[Information — start]
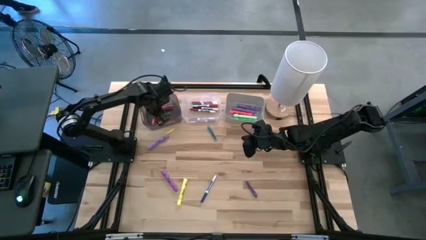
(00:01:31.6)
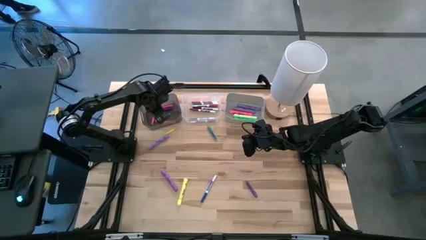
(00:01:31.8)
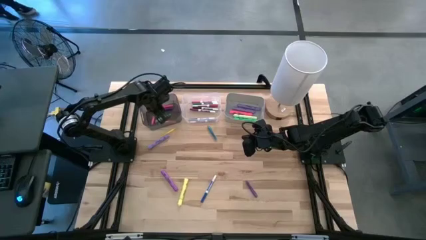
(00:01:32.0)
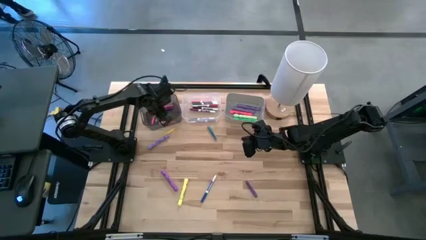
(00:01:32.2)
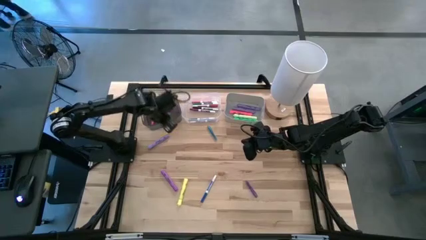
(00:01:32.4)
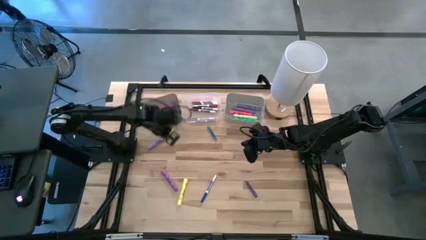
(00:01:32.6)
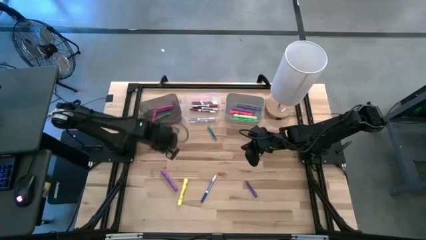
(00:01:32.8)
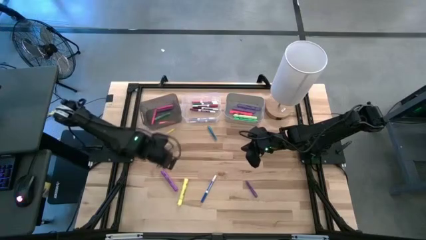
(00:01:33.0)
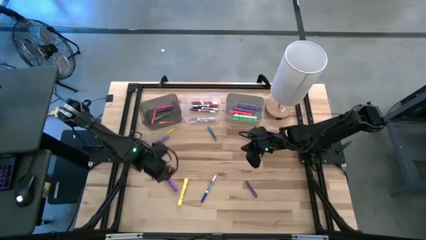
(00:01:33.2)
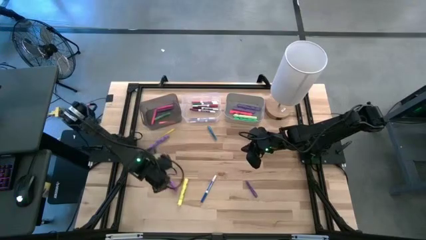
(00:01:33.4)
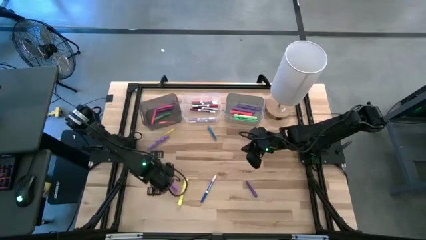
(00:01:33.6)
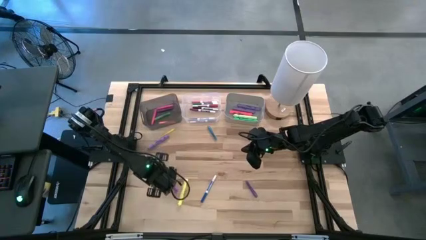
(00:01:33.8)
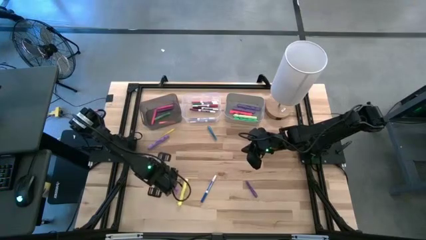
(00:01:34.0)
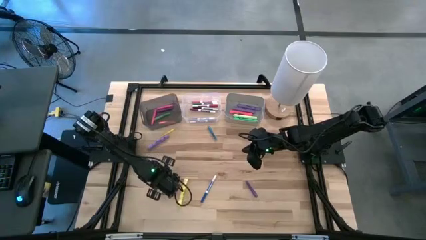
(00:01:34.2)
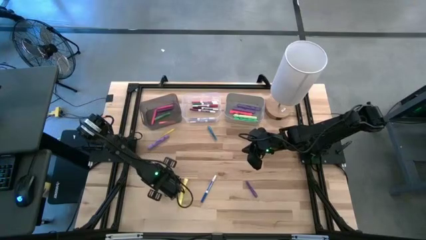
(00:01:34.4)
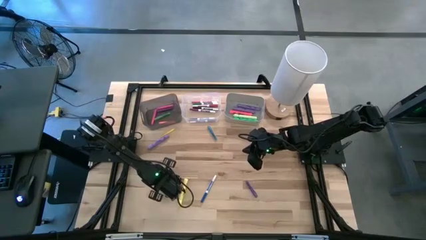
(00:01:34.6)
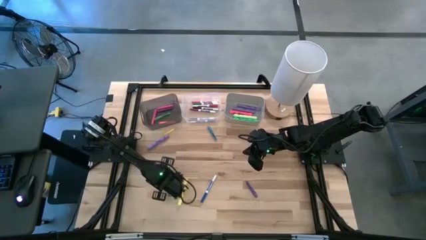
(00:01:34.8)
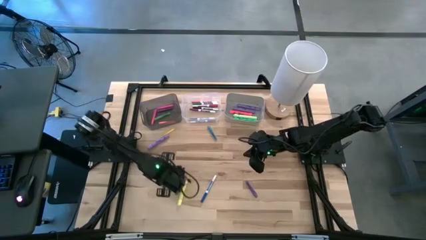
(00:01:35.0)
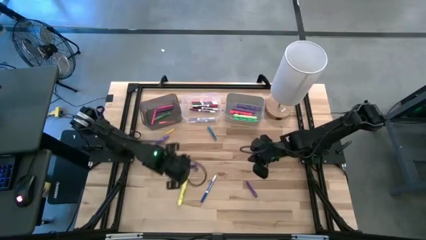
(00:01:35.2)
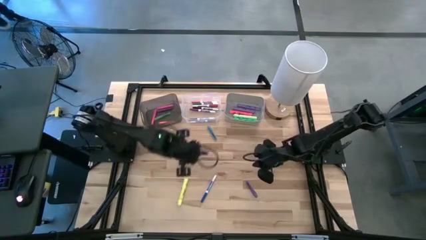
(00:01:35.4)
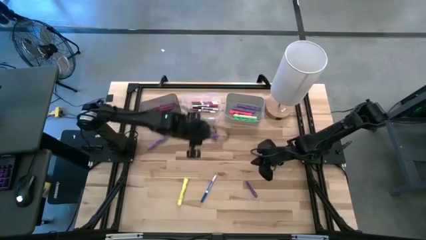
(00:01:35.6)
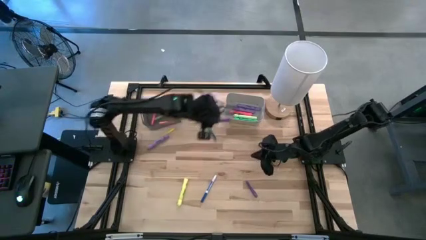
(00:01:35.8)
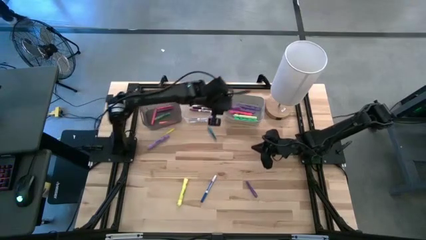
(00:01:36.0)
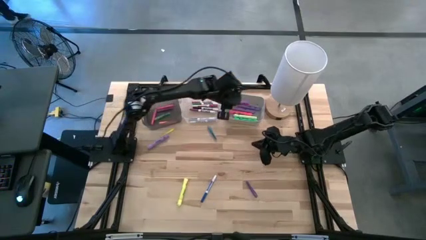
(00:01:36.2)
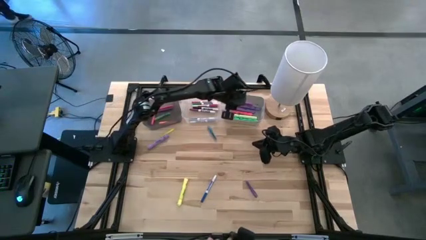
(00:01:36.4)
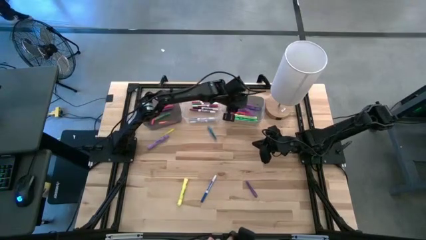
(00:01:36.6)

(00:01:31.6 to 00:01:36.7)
Task: Pick & Place Markers
Put the violet highlighter pen into the gray bin
[Information — finish]
Task to carry out:
From the first line to the last, copy the listing above exactly and leave out the images.

Written response:
(00:01:31.6)
(00:01:31.8)
(00:01:32.0)
(00:01:32.2)
(00:01:32.4)
(00:01:32.6)
(00:01:32.8)
(00:01:33.0)
(00:01:33.2)
(00:01:33.4)
(00:01:33.6)
(00:01:33.8)
(00:01:34.0)
(00:01:34.2)
(00:01:34.4)
(00:01:34.6)
(00:01:34.8)
(00:01:35.0)
(00:01:35.2)
(00:01:35.4)
(00:01:35.6)
(00:01:35.8)
(00:01:36.0)
(00:01:36.2)
(00:01:36.4)
(00:01:36.6)

(00:01:31.6 to 00:01:36.7)
Task: Pick & Place Markers
Put the violet highlighter pen into the gray bin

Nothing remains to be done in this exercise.